Tip: A pure constant like 9 in front never gives a zero because it does not contain x.
Factoring Reminder (appears on every test!)
- Always pull out a GCF first.
- If repeated identical binomials appear, write them as a single factor raised to a power; it prevents you from missing the correct multiplicity.
Example
x(36 - 36x + 9x^2) \;\to\; x(6 - 3x)^2
→ zeros at x=0 (mult 1) and x=2 (mult 2).
Rational Functions – Holes & Vertical Asymptotes (VAs)
Same overall theme: factor first.
Step-by-step algorithm
- Factor numerator & denominator completely.
- Cancel any identical factors.
• Each factor that cancels ⇒ a hole (removable discontinuity).
Set that factor = 0 to get x-coordinate of the hole. - After canceling, whatever factors remain in the denominator ⇒ vertical asymptotes.
Set each remaining factor = 0; write answers as x = \text{constant}. - Anything that is neither a hole nor a VA is part of the domain.
Key notes
- You can only cancel whole factors (multiplication). Addition/subtraction inside a denominator locks the terms together.
- Both holes & VAs are domain restrictions; holes are removable, VAs are non-removable.
Example 1
\frac{x(x-1)}{x(x-1)(x-1)} → an x cancels.
- Hole: factor x=0.
- Remaining denom (x-1)^2 ⇒ VA at x=1.
Example 2
\frac{x+4}{x^2-2x} = \frac{x+4}{x(x-2)} (already factored)
- No common factor with numerator ⇒ no hole.
- Denominator pieces x=0,\;x=2 ⇒ VAs at x=0, x=2.
Example 3
\frac{(x+3)(x-5)}{(x+3)(x^2+19)}
- Factor x+3 cancels ⇒ hole at x=-3.
- Remaining denom x^2+19.
Solving x^2+19=0 ⇒ x=\pm\sqrt{-19}=\pm i\sqrt{19} (imaginary).
Non-real ⇒ no real VA.
Horizontal Asymptotes (HAs) – Three Memorize-Me Rules
Let n = degree (largest exponent) of numerator, m = degree of denominator.
- If n < m (top smaller than bottom) → \boxed{y = 0}.
- If n = m → divide the leading coefficients:
\displaystyle y = \frac{an}{bm}. - If n > m (top bigger than bottom) → \boxed{\text{None}} (graph may have an oblique/slant asymptote, not tested here).
Remember:
- Horizontal lines are written y = …, vertical lines x = ….
Quick checks
- \dfrac{6x+1}{x^2-4} → degrees 1 vs 2 → top smaller → y=0.
- \dfrac{14x^2+9}{7x^2-5x+1} → degrees equal (2 vs 2) → divide leading coefficients 14/7=2 → y=2.
- \dfrac{x^3-1}{x-4} → 3 vs 1 → top bigger → no horizontal asymptote.
Miscellaneous Connections & Test Tips
- Increasing vs.
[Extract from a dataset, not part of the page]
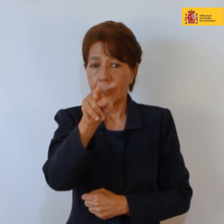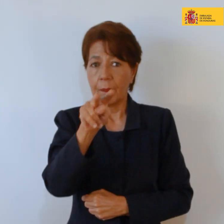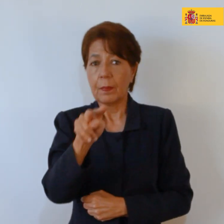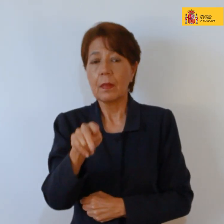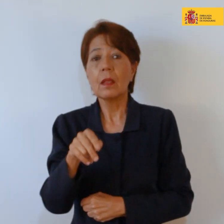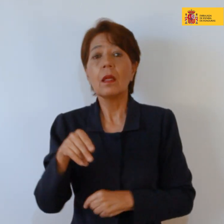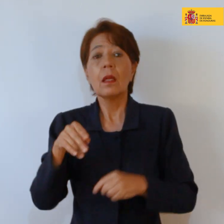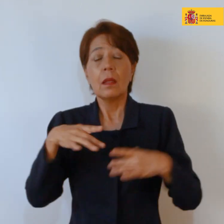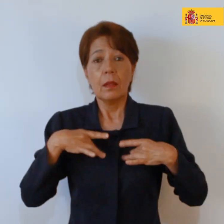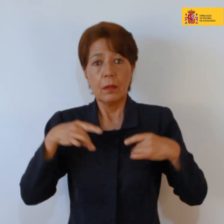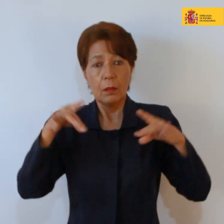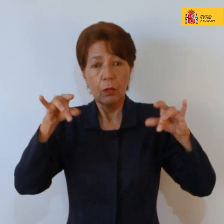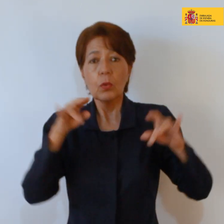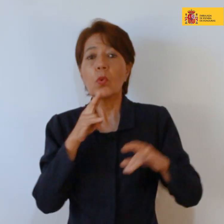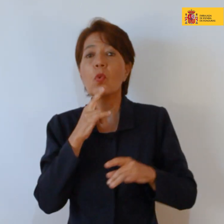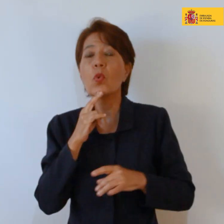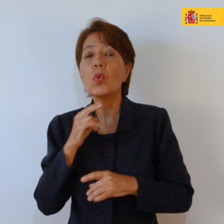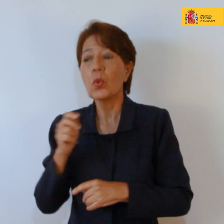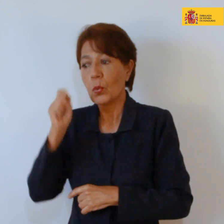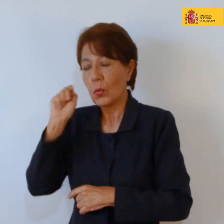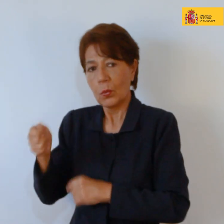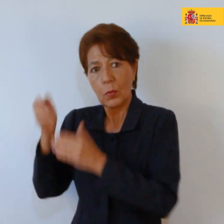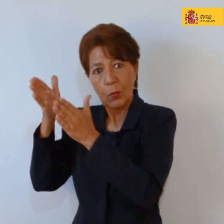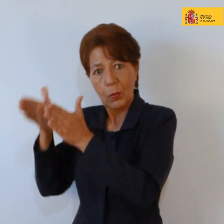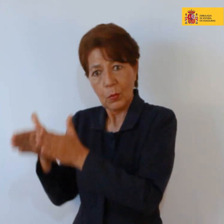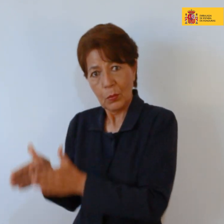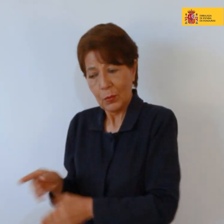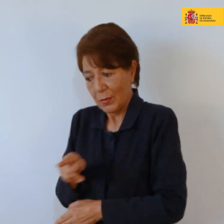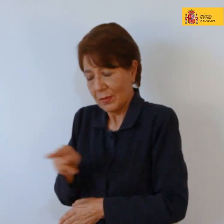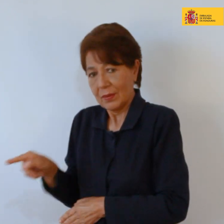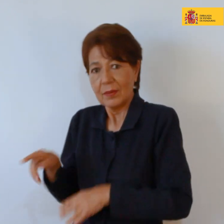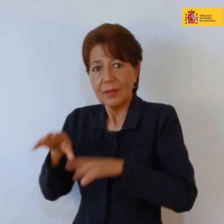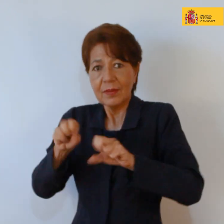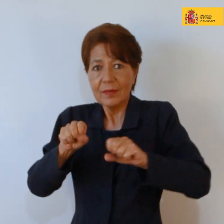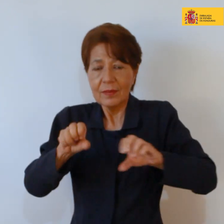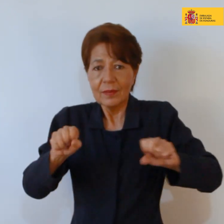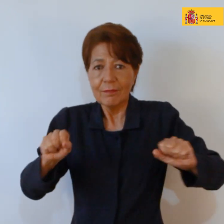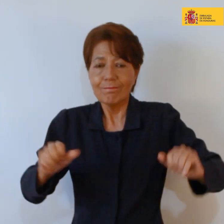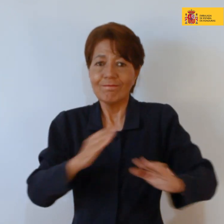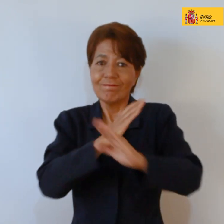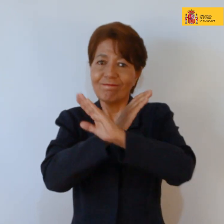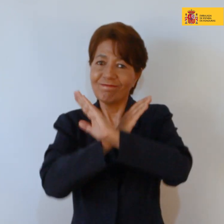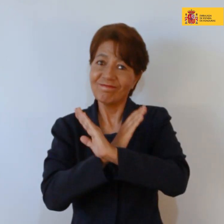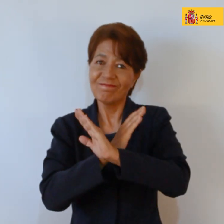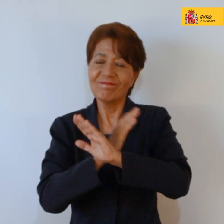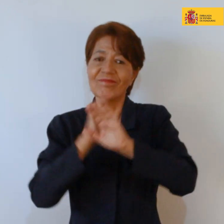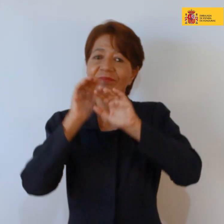tela, sostenida por unos pescadores, a manera de valla, impide la avanzada del mar.

Decreasing behavior ties back to the sign of the leading coefficient for odd-degree polynomials (positive → rises to the right, negative → falls).
- ACT/SAT often swap the words “zeros,” “roots,” “x-intercepts,” “solutions” interchangeably – they all mean plug y=0.
- Horizontal vs. vertical asymptote equations must include the independent variable: write “y=…” or “x=…,” never just the number.
- Multiple-choice items frequently list all four verbs (fall/rise left/right). Read every word before selecting — one inversion changes the answer.
- Much of this unit is memorization; flash-card charts for end-behavior and asymptote rules are strongly recommended.